#### ABOUT THIS EXERCISE
Reproduce the records. Keep every word exact and include no images.

#### EXERCISE INPUT
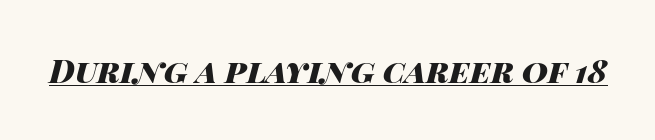
Looks like regular typesetting: each glyph gets only the width it needs. Set as a true bold cut, around the 700 mark. The typesetter has applied underlining to the passage shown. Quick note: italic. Nobody touched the tracking dial on this one.
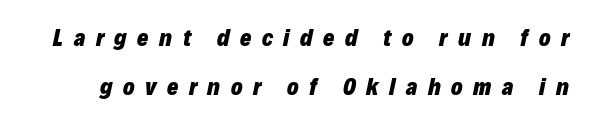
The image shows 24 px bold type, italic (leaning right); set loose line spacing (2.05x), unusually wide letter spacing (+0.44 em), not underlined.
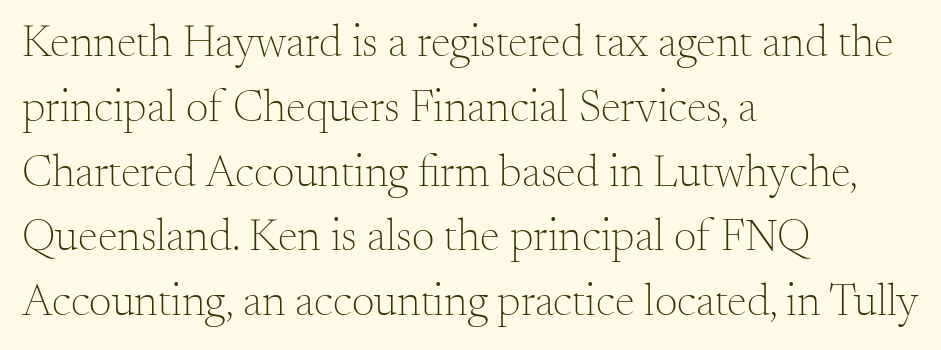
Q: Is the text bold? A: No.
Q: Is the text italic (slanted)? A: No, it is upright.
Q: Is the typeface a serif or a sans-serif typeface? A: Serif.
Q: Is the text underlined? A: No.
Q: How is the paragraph aligned? A: Left-aligned.
Q: Is the spacing between letters normal or unusually wide? A: Normal.
Q: Is the spacing between lines tight, normal or loose? A: Normal.
Q: Width (condensed, normal, or wide)? A: Normal.
Q: Stroke contrast? A: Medium.
Q: x-height? A: Small.
Q: Monospaced? A: No.
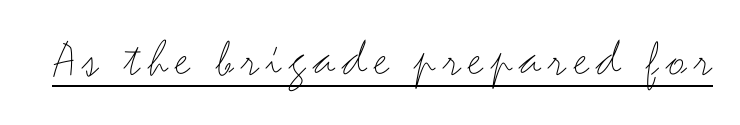
A quiet, ordinary-to-light weight characterises the typeface. The glyphs in this specimen are sans serif. The lettering is marked with a stroke running underneath it. Note the varied advance widths — an 'i' is clearly narrower than an 'm'.
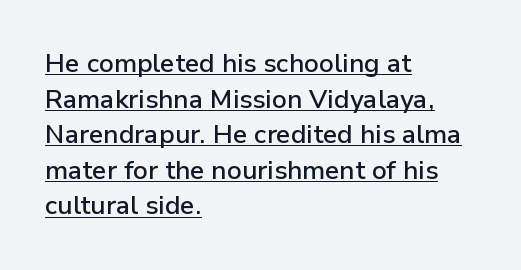
{"italic": "no", "underline": "yes", "align": "left", "line_spacing": "normal", "line_spacing_ratio": 1.37, "letter_spacing": "normal", "letter_spacing_em": 0.0, "glyph_px": 26}
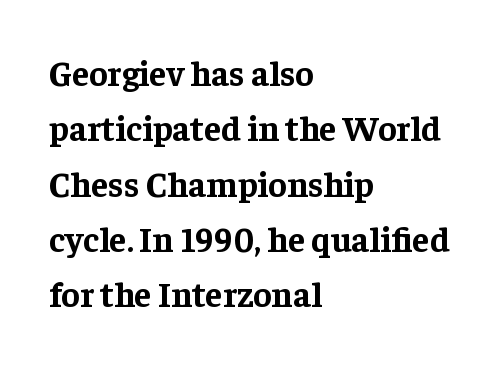
The image shows 35 px bold serif type, upright; set left-aligned, normal line spacing (1.58x), normal letter spacing, not underlined; low stroke contrast and a medium x-height.
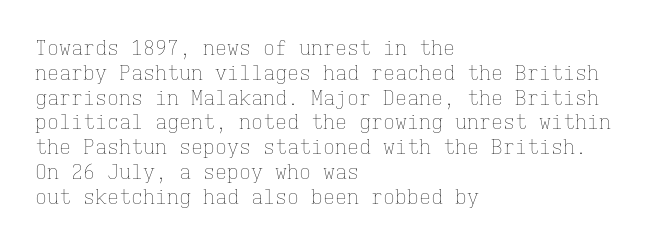
{"italic": "no", "bold": "no", "underline": "no", "align": "left", "line_spacing_ratio": 1.24, "letter_spacing": "normal", "letter_spacing_em": 0.0, "glyph_px": 20}
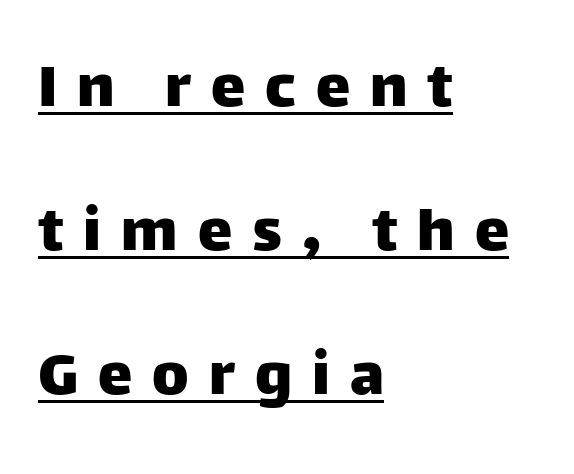
{"serif": "no", "italic": "no", "width": "normal", "stroke_contrast": "low", "x_height": "large", "monospaced": "no", "underline": "yes", "align": "left", "line_spacing": "loose", "line_spacing_ratio": 2.09, "letter_spacing": "wide", "letter_spacing_em": 0.29, "glyph_px": 69}
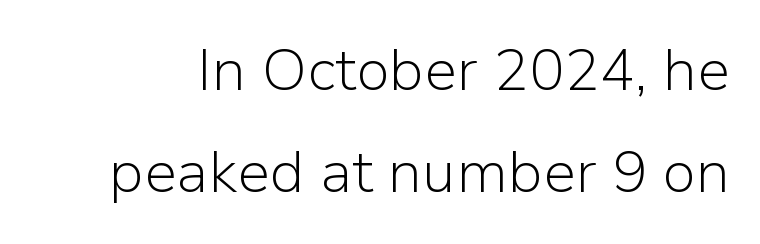
To sum up the face: it is a sans, with no serifs. The area under the type is left untouched. The letters look calm and open, with moderate or lighter stems. Vertical strokes here are truly vertical. You could not count columns in this text — the font is proportionally spaced.
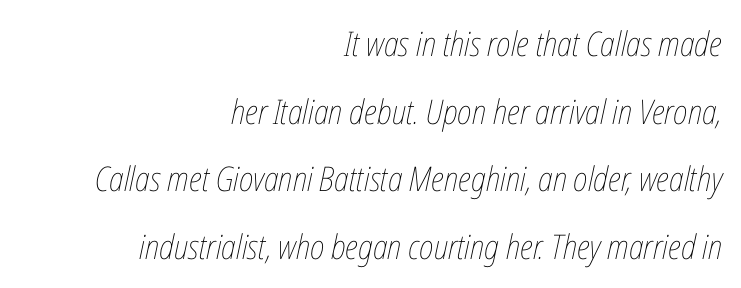
This sample is right-justified, so line beginnings fall wherever the words allow. Observe the ordinary spacing: letters are neighbours, not strangers. Character widths vary here, with narrow letters taking less room than wide ones. The font sits on the lighter half of the weight spectrum, regular included.
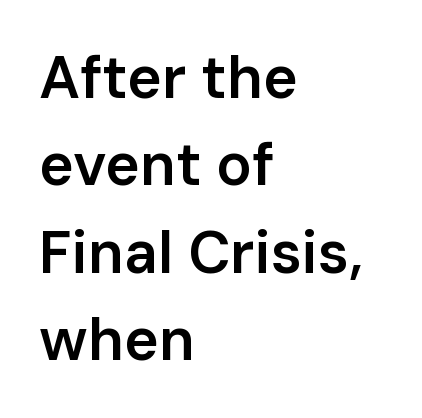
Nothing sits at the stroke ends, so this counts as sans-serif. The passage shown is not underscored anywhere. Is the letter spacing exaggerated? No — it looks like the ordinary default. Compared with typical paragraphs, the rows here are spaced about the same. The passage shown is typed in a proportional face where columns would drift. Every character sits straight up, as roman type does.
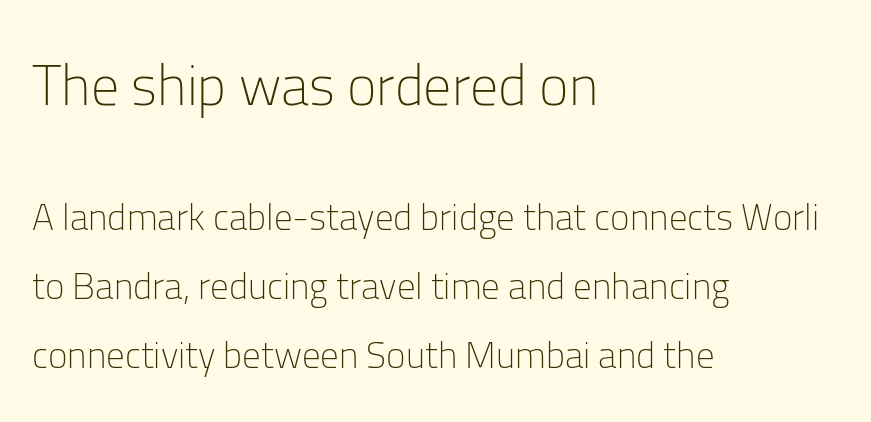
{"serif": "no", "italic": "no", "bold": "no", "weight": "light", "width": "normal", "stroke_contrast": "low", "x_height": "medium", "monospaced": "no", "underline": "no", "align": "left", "line_spacing_ratio": 1.86, "letter_spacing": "normal", "letter_spacing_em": 0.0, "larger_block": "first", "size_ratio": 1.51, "glyph_px": 56}

#### EXERCISE SOLUTION
Looks like regular typesetting: each glyph gets only the width it needs. Set as a true bold cut, around the 700 mark. The typesetter has applied underlining to the passage shown. Quick note: italic. Nobody touched the tracking dial on this one.
The image shows 24 px bold type, italic (leaning right); set loose line spacing (2.05x), unusually wide letter spacing (+0.44 em), not underlined.
Q: Is the text bold? A: No.
Q: Is the text italic (slanted)? A: No, it is upright.
Q: Is the typeface a serif or a sans-serif typeface? A: Serif.
Q: Is the text underlined? A: No.
Q: How is the paragraph aligned? A: Left-aligned.
Q: Is the spacing between letters normal or unusually wide? A: Normal.
Q: Is the spacing between lines tight, normal or loose? A: Normal.
Q: Width (condensed, normal, or wide)? A: Normal.
Q: Stroke contrast? A: Medium.
Q: x-height? A: Small.
Q: Monospaced? A: No.
A quiet, ordinary-to-light weight characterises the typeface. The glyphs in this specimen are sans serif. The lettering is marked with a stroke running underneath it. Note the varied advance widths — an 'i' is clearly narrower than an 'm'.
{"italic": "no", "underline": "yes", "align": "left", "line_spacing": "normal", "line_spacing_ratio": 1.37, "letter_spacing": "normal", "letter_spacing_em": 0.0, "glyph_px": 26}
The image shows 35 px bold serif type, upright; set left-aligned, normal line spacing (1.58x), normal letter spacing, not underlined; low stroke contrast and a medium x-height.
{"italic": "no", "bold": "no", "underline": "no", "align": "left", "line_spacing_ratio": 1.24, "letter_spacing": "normal", "letter_spacing_em": 0.0, "glyph_px": 20}
{"serif": "no", "italic": "no", "width": "normal", "stroke_contrast": "low", "x_height": "large", "monospaced": "no", "underline": "yes", "align": "left", "line_spacing": "loose", "line_spacing_ratio": 2.09, "letter_spacing": "wide", "letter_spacing_em": 0.29, "glyph_px": 69}
To sum up the face: it is a sans, with no serifs. The area under the type is left untouched. The letters look calm and open, with moderate or lighter stems. Vertical strokes here are truly vertical. You could not count columns in this text — the font is proportionally spaced.
This sample is right-justified, so line beginnings fall wherever the words allow. Observe the ordinary spacing: letters are neighbours, not strangers. Character widths vary here, with narrow letters taking less room than wide ones. The font sits on the lighter half of the weight spectrum, regular included.
Nothing sits at the stroke ends, so this counts as sans-serif. The passage shown is not underscored anywhere. Is the letter spacing exaggerated? No — it looks like the ordinary default. Compared with typical paragraphs, the rows here are spaced about the same. The passage shown is typed in a proportional face where columns would drift. Every character sits straight up, as roman type does.
{"serif": "no", "italic": "no", "bold": "no", "weight": "light", "width": "normal", "stroke_contrast": "low", "x_height": "medium", "monospaced": "no", "underline": "no", "align": "left", "line_spacing_ratio": 1.86, "letter_spacing": "normal", "letter_spacing_em": 0.0, "larger_block": "first", "size_ratio": 1.51, "glyph_px": 56}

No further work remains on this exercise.